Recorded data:

——————————

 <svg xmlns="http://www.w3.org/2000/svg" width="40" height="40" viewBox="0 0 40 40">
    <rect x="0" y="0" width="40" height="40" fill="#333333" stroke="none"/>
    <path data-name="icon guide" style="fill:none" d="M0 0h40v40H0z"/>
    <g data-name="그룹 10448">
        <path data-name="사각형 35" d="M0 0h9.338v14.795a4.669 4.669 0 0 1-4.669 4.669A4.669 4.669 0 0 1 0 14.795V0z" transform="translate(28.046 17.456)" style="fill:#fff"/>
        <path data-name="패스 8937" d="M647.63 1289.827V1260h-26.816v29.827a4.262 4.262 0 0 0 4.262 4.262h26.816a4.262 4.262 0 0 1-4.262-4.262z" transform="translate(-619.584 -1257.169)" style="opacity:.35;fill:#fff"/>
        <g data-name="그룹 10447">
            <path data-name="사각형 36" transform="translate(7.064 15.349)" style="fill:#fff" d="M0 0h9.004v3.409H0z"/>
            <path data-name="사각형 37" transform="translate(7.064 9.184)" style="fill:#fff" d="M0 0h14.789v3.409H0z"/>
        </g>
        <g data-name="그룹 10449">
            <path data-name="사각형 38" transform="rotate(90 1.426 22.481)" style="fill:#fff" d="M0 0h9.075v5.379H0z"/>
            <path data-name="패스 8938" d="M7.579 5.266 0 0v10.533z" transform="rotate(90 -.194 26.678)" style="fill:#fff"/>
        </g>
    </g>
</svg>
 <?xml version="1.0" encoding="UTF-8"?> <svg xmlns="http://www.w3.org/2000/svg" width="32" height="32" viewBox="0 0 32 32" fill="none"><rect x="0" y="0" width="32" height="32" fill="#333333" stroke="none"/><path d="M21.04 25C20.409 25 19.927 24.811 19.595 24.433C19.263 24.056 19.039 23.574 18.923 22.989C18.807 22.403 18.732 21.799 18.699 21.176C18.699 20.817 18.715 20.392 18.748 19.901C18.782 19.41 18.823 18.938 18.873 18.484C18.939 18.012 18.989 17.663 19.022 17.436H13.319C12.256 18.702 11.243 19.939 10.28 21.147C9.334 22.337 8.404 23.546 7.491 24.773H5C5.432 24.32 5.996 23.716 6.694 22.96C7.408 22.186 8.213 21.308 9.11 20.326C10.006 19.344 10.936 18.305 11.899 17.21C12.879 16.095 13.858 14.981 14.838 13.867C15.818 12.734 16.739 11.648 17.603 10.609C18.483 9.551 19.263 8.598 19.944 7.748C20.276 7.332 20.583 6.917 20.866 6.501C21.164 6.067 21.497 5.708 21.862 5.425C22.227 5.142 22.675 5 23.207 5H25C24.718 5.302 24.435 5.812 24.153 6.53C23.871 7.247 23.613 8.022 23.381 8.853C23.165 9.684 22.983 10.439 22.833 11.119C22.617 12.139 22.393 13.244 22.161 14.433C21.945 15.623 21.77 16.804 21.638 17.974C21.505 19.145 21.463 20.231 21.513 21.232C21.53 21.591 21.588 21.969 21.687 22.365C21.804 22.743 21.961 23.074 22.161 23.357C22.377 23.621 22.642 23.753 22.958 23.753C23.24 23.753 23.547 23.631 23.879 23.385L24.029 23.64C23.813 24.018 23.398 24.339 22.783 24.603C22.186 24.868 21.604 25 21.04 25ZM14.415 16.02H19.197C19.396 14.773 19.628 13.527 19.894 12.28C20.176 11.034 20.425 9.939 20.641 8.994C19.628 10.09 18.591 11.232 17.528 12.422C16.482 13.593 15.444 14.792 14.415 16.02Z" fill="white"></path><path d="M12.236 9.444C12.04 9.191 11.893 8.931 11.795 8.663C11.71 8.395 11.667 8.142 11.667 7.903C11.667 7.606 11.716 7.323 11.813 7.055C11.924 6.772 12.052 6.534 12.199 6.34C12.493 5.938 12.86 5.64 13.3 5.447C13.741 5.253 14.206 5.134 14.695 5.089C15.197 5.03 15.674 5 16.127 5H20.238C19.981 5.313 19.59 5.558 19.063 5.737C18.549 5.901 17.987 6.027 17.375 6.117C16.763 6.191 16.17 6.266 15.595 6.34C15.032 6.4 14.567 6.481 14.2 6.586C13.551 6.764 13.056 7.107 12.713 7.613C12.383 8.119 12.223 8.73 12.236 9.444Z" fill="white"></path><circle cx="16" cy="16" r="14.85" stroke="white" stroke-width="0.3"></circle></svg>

——————————

**What you are asked to do**
What lines above contain "rotate"? Copy them out.

**Exercise output**
            <path data-name="사각형 38" transform="rotate(90 1.426 22.481)" style="fill:#fff" d="M0 0h9.075v5.379H0z"/>
            <path data-name="패스 8938" d="M7.579 5.266 0 0v10.533z" transform="rotate(90 -.194 26.678)" style="fill:#fff"/>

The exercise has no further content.